In 2016, HKE decided to reorganize the company and spin off various departments to different private equity investors. Some players, including private equity firms KKR, HVJ Holdings and JIP, have also jumped on the bandwagon. In 2017, private equity firm KKR acquired Hitachi International, paying $2.3 billion for the entire business. Thin Film Process Solutions remains 100% owned by KKR, while the Video and Communications businesses were spun off into an independent company.

Not long after, in July 2019, Applied Materials announced that it wanted to acquire the new Kokusai Electric, the thin film process solutions business only, for $2.2 billion (later raising the offer 59% to $3.5 billion in 2021). The acquisition was subject to antitrust review, and AMAT halted the acquisition after two years of waiting for approval from Chinese authorities.

After five years of holding, KKR turned to an exit through the KE IPO. KKR will sell 30% of KE's shares in secondary transactions, and KE will no longer issue additional shares or raise funds.

International Electric ("KE") positions itself as an expert in thin film deposition. Specifically, KE sells batch deposition tools, with a particular focus on batch atomic layer deposition (ALD), the most selective/precise form of deposition. KE is also involved in surface treatment but lags far behind deposition in terms of revenue.

About 30% of their revenue is also related to services, but it should be noted that part of KE's services segment is the sale of traditional 200mm equipment. This means KE currently has lower service intensity than other deposition players, which is good for the fab's total cost of ownership (TCO) but could be a financial drag. Having said that, KE's new mini-batch tool has 4x the service attach rate and is the best TCO tool they have ever released.

KE focuses more on the storage business, with NAND being the largest application for its equipment, followed by DRAM, and then logic. With the adoption of Gate All around, that may start to change.

KE's expertise does not cover all chemical vapor deposition (CVD) and atomic layer deposition (ALD), but specifically batchCVD/ALD tools. Other major tool manufacturers (Tokyo Electronics, Applied Materials, Lam Research, ASMI) all offer ALD tools, but they mainly focus on single-wafer products, i.e. processing 1 wafer per chamber, rather than multiple (batch) ) wafer. KE dominates the batch ALD process with about 70% of the market share, with the remainder mainly belonging to TEL (and ASMI).

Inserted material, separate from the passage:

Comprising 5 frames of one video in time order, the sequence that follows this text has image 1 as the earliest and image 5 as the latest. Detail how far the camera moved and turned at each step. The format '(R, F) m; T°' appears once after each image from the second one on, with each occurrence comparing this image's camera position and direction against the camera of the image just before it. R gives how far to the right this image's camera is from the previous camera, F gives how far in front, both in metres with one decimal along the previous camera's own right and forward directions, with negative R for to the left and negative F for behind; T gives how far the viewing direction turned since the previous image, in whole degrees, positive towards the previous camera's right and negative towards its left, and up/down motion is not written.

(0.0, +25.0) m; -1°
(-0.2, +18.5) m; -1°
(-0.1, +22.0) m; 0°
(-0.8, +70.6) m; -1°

While KE emphasizes their presence in the ALD space, they are still exposed to batch CVD tools. KE's hybrid market share in batch deposition is "only" about 46% (compared to about 70% in batch ALD). TEL is only slightly larger in the total volume deposition market, but we believe this will soon reverse and KE will become even larger.

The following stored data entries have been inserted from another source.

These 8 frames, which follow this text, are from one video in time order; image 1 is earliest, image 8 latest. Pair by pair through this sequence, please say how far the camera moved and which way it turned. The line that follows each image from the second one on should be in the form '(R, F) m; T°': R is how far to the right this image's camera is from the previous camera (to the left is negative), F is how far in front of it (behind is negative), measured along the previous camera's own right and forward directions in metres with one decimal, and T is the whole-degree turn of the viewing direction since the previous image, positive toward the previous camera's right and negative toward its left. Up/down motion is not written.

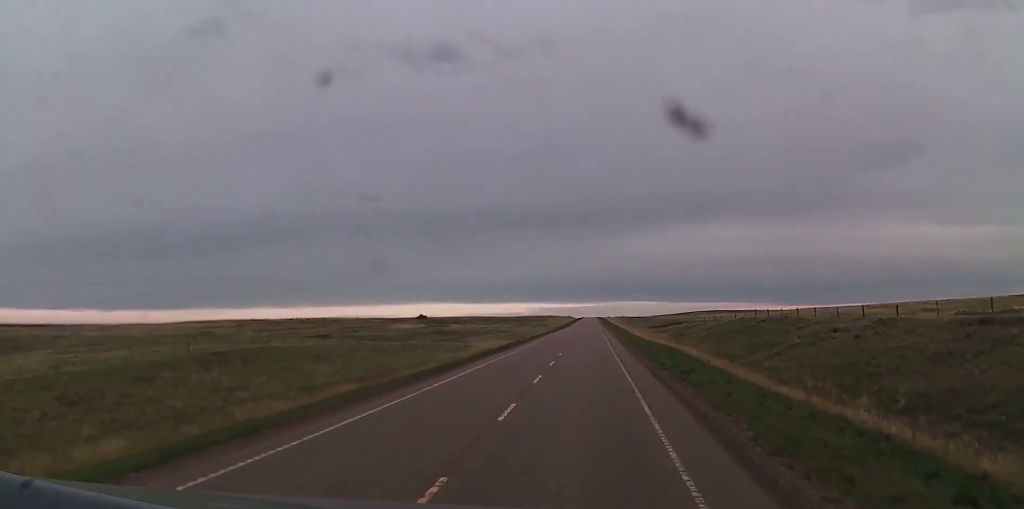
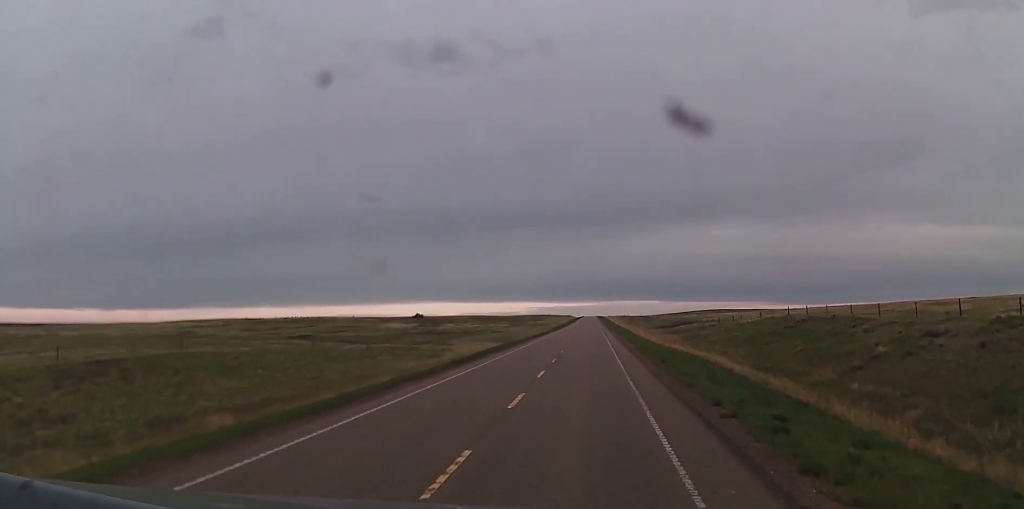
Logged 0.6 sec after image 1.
(+0.1, +16.4) m; 0°
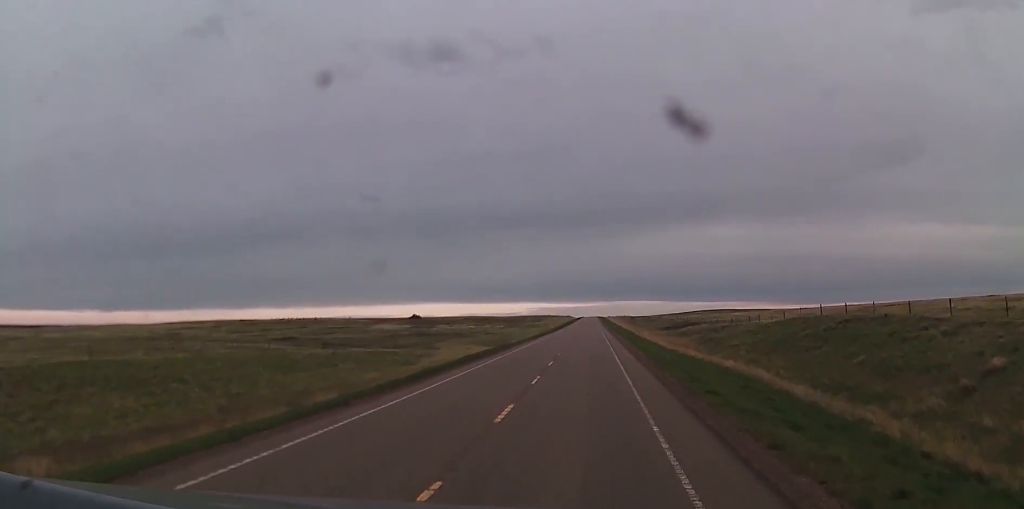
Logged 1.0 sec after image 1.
(-0.1, +11.0) m; 0°
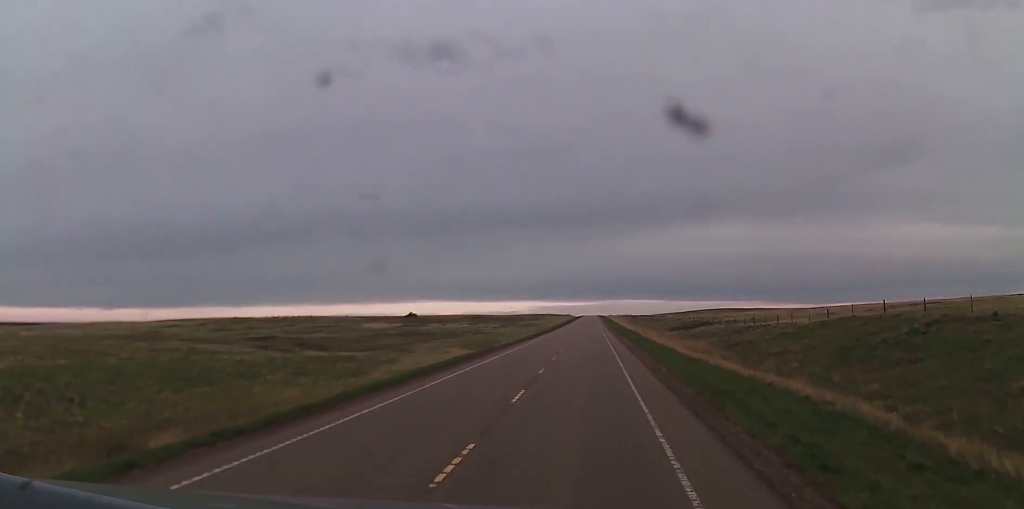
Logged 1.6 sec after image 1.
(-0.2, +15.3) m; 0°
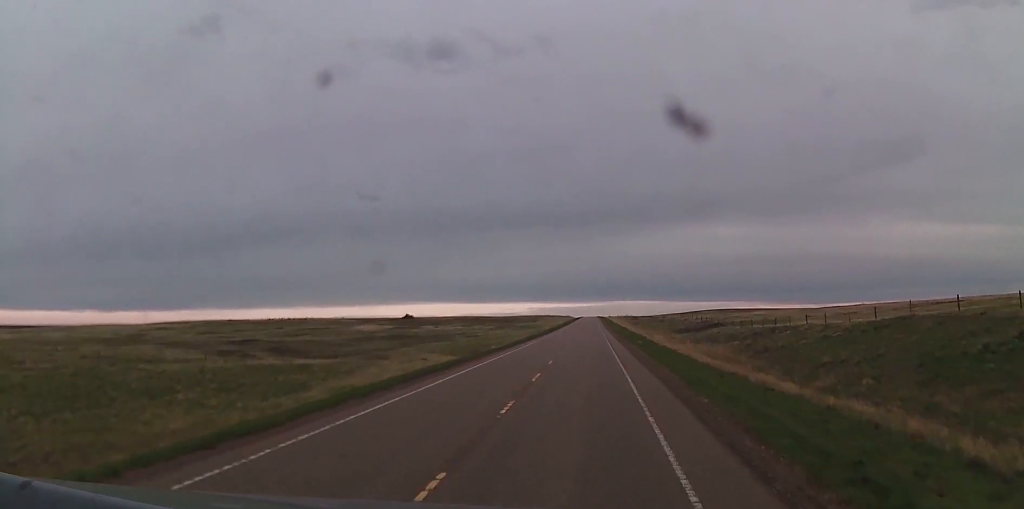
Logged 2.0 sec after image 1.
(+0.1, +11.0) m; 0°
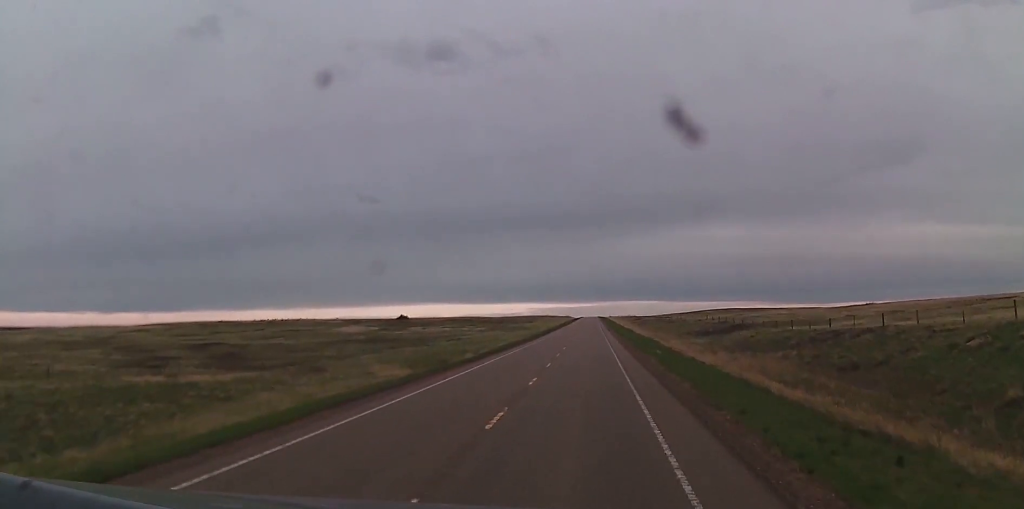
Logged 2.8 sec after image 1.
(+0.1, +19.7) m; 0°
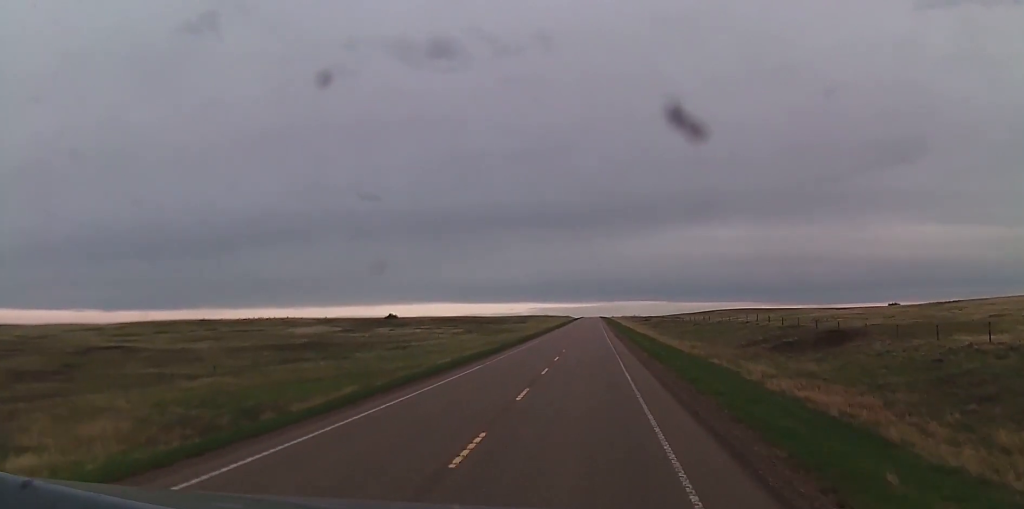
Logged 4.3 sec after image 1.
(0.0, +39.6) m; 0°
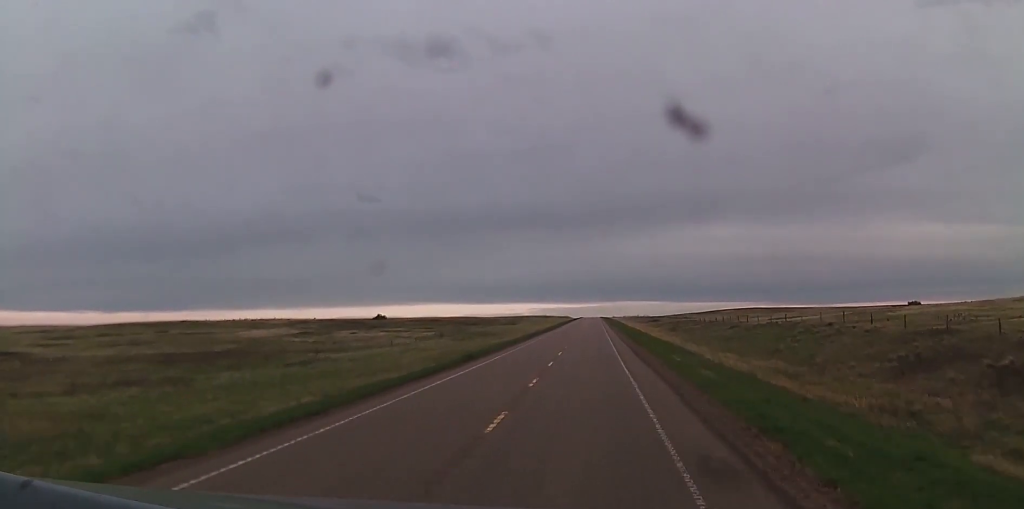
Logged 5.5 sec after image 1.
(0.0, +32.0) m; 0°

This is a very strong market position and explains why Applied Materials wanted to acquire KE. AMAT already has a strong ALD product portfolio. Although the market believes that ALD leader ASMI will completely dominate and continue to grow share, AMAT still has many processes of record (POR: Processes of Record) for next-generation gate-all-around (GAA) logic ALD steps.

AMAT's expertise lies in single wafer processing and they wanted to add KE's batch capabilities to their product portfolio. To be clear, batch ALD and single-wafer ALD are completely different functions. Expertise in single-wafer ALD does not necessarily transfer directly to volume ALD tool production. AMAT's acquisition attempt is actually a recognition of KE's proficiency in this segment.

Next, we dive into the underlying technologies behind KE's products: deposition, ALD, and batch processing.

Deposition, ALD, and Batch Processing, a Deep Dive

Deposition, as the name suggests, is the process of depositing specific materials onto a wafer. Although we refer to chips as "silicon" because the base substrate used for chip manufacturing is silicon, there are actually many different materials present on the wafers being manufactured. These materials (usually different metals and oxides) are placed onto the wafer through deposition.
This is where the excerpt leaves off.